▸ Problem details
In the records below, find the line containing "Character: 𧓯", then copy that line and all lines after it, exactly, omitting every picture.

[Stored entries]
============

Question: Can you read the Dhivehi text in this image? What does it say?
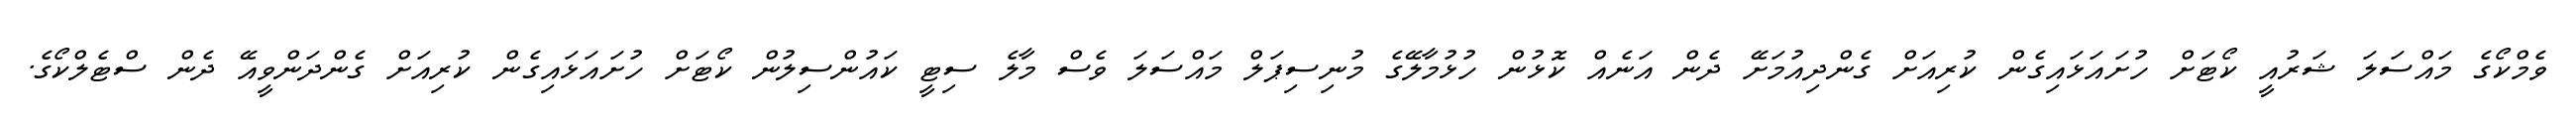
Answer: ވެމްކޯގެ މައްސަލަ ޝަރުއީ ކޯޓަށް ހުށައަޅައިގެން ކުރިއަށް ގެންދިއުމަށޭ ދެން އަނެއް ކޮޅުން ހުޅުމާލޭގެ މުނިސިޕަލް މައްސަލަ ވެސް މާލެ ސިޓީ ކައުންސިލުން ކޯޓަށް ހުށައަޅައިގެން ކުރިއަށް ގެންދަންވީއޭ ދެން ސްޓެލްކޯގެ.
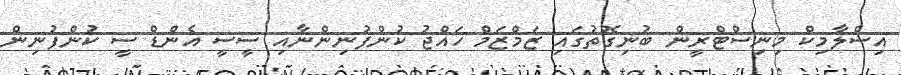
އިސްލާމިކް މިނިސްޓްރީން ބުނިގޮތުގައި ޒަމްޒަމް ހައްޖު ކުންފުނިންނާއި ސީސީ އެންޑް ސީ ކުންފުނިން
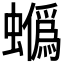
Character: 𧓯
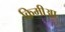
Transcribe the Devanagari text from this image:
क्रिमीआ
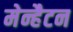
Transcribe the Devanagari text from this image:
मेन्हैटन
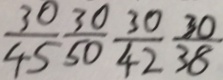
\frac { 3 0 } { 4 5 } \frac { 3 0 } { 5 0 } \frac { 3 0 } { 4 2 } \frac { 3 0 } { 3 8 }
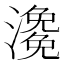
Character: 𤀧
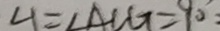
\angle 1 = \angle A C G = 9 0 ^ { \circ }
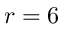
r = 6
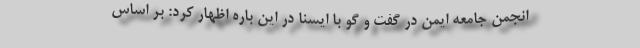
انجمن جامعه ایمن در گفت و گو با ایسنا در این باره اظهار کرد: بر اساس
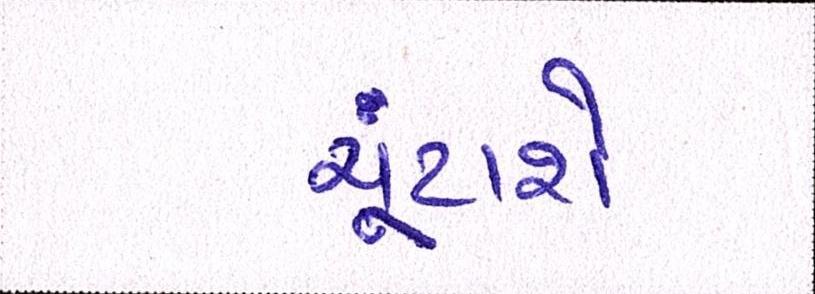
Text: ચૂંટાશે
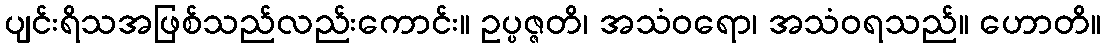
ပျင်းရိသအဖြစ်သည်လည်းကောင်း။ ဥပ္ပဇ္ဇတိ၊ အသံဝရော၊ အသံဝရသည်။ ဟောတိ။
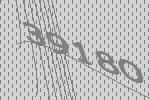
39180
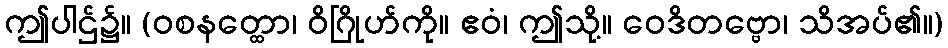
ဤပါဌ်၌။ (ဝစနတ္ထော၊ ဝိဂြိုဟ်ကို။ ဧဝံ၊ ဤသို့။ ဝေဒိတဗ္ဗော၊ သိအပ်၏။)
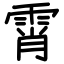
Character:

============

▸ Task response
Character: 𧓯
Transcribe the Devanagari text from this image:
क्रिमीआ
Transcribe the Devanagari text from this image:
मेन्हैटन
\frac { 3 0 } { 4 5 } \frac { 3 0 } { 5 0 } \frac { 3 0 } { 4 2 } \frac { 3 0 } { 3 8 }
Character: 𤀧
\angle 1 = \angle A C G = 9 0 ^ { \circ }
r = 6
انجمن جامعه ایمن در گفت و گو با ایسنا در این باره اظهار کرد: بر اساس
Text: ચૂંટાશે
ပျင်းရိသအဖြစ်သည်လည်းကောင်း။ ဥပ္ပဇ္ဇတိ၊ အသံဝရော၊ အသံဝရသည်။ ဟောတိ။
39180
ဤပါဌ်၌။ (ဝစနတ္ထော၊ ဝိဂြိုဟ်ကို။ ဧဝံ၊ ဤသို့။ ဝေဒိတဗ္ဗော၊ သိအပ်၏။)
Character:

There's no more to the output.